[Saved data entries]
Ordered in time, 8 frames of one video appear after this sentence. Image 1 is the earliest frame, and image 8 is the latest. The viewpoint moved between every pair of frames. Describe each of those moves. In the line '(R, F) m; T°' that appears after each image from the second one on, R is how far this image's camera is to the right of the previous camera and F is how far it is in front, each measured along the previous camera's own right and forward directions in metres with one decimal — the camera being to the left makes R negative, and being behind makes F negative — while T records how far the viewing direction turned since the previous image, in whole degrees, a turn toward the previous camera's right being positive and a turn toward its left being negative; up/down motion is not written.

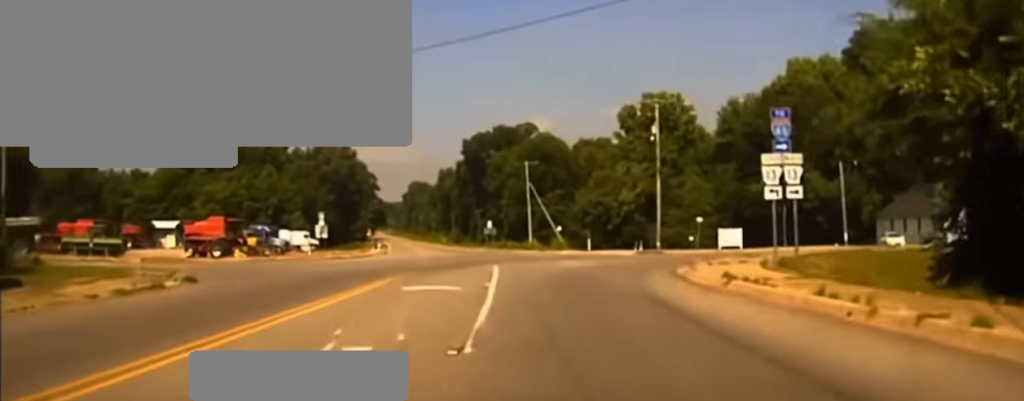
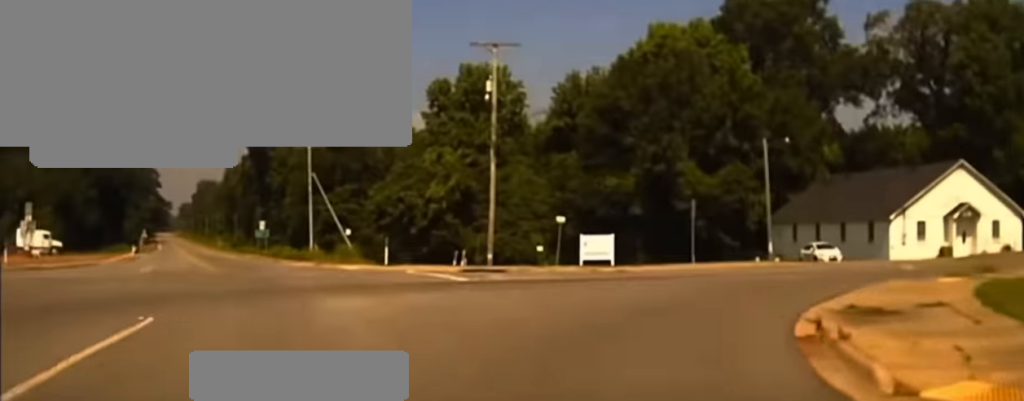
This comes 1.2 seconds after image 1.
(+7.3, +22.3) m; +40°
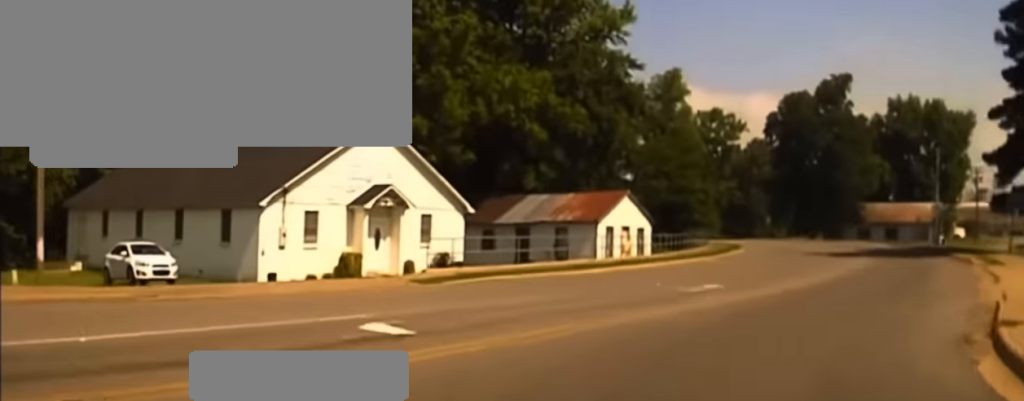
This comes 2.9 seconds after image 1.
(+10.5, +30.9) m; +19°
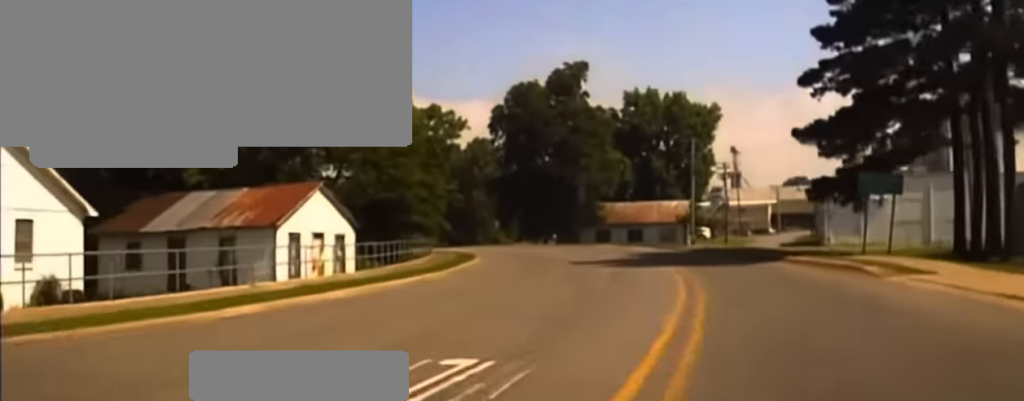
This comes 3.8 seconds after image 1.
(0.0, +16.4) m; 0°
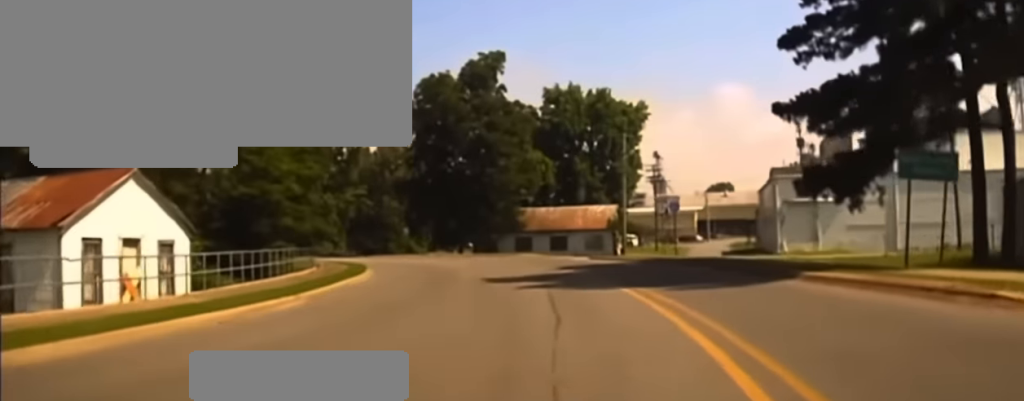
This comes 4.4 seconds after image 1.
(0.0, +11.0) m; 0°
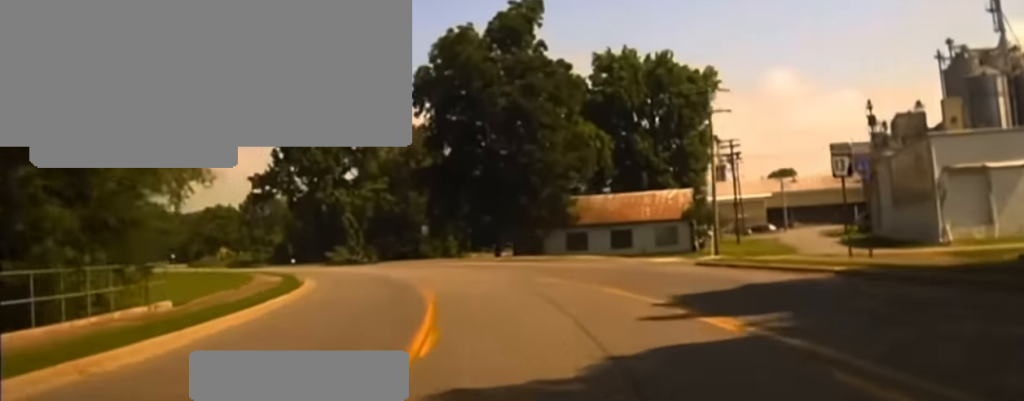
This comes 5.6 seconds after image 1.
(0.0, +21.5) m; -1°
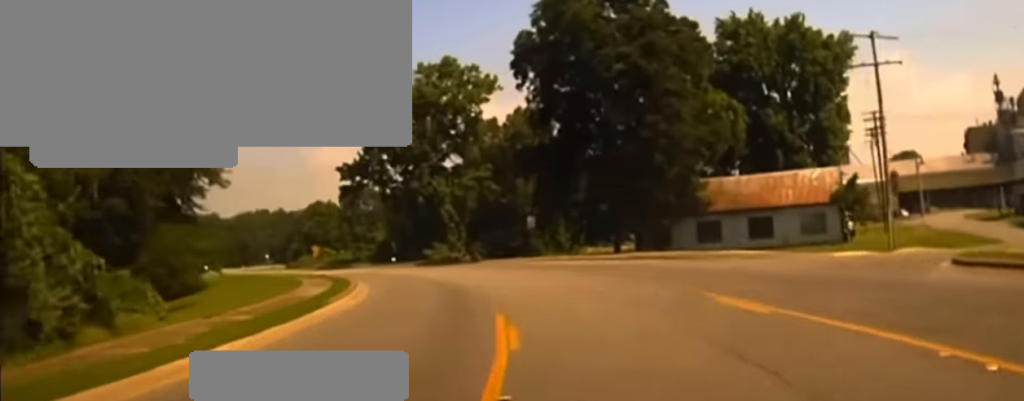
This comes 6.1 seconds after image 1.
(+0.1, +10.5) m; -1°
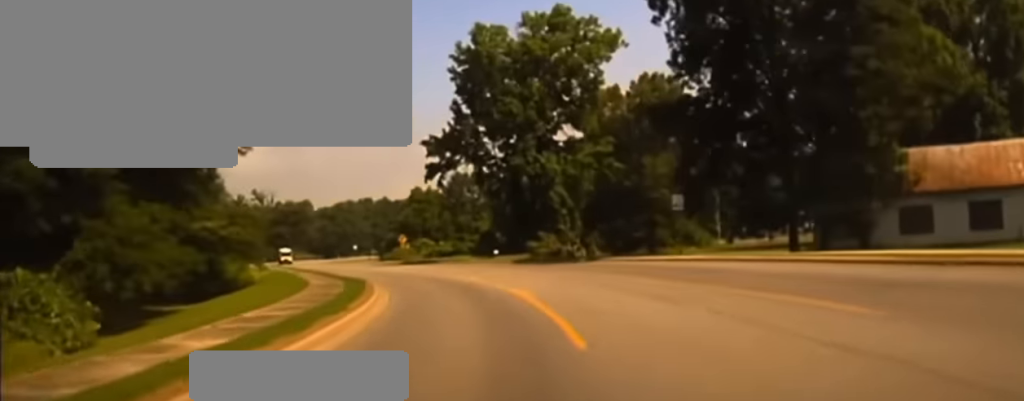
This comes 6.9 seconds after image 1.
(-0.2, +17.7) m; -6°

• [Brief]: The answer is the entries above, given again exactly, with no pictures among them.

• [Task solution]:
Ordered in time, 8 frames of one video appear after this sentence. Image 1 is the earliest frame, and image 8 is the latest. The viewpoint moved between every pair of frames. Describe each of those moves. In the line '(R, F) m; T°' that appears after each image from the second one on, R is how far this image's camera is to the right of the previous camera and F is how far it is in front, each measured along the previous camera's own right and forward directions in metres with one decimal — the camera being to the left makes R negative, and being behind makes F negative — while T records how far the viewing direction turned since the previous image, in whole degrees, a turn toward the previous camera's right being positive and a turn toward its left being negative; up/down motion is not written.

This comes 1.2 seconds after image 1.
(+7.3, +22.3) m; +40°
This comes 2.9 seconds after image 1.
(+10.5, +30.9) m; +19°
This comes 3.8 seconds after image 1.
(0.0, +16.4) m; 0°
This comes 4.4 seconds after image 1.
(0.0, +11.0) m; 0°
This comes 5.6 seconds after image 1.
(0.0, +21.5) m; -1°
This comes 6.1 seconds after image 1.
(+0.1, +10.5) m; -1°
This comes 6.9 seconds after image 1.
(-0.2, +17.7) m; -6°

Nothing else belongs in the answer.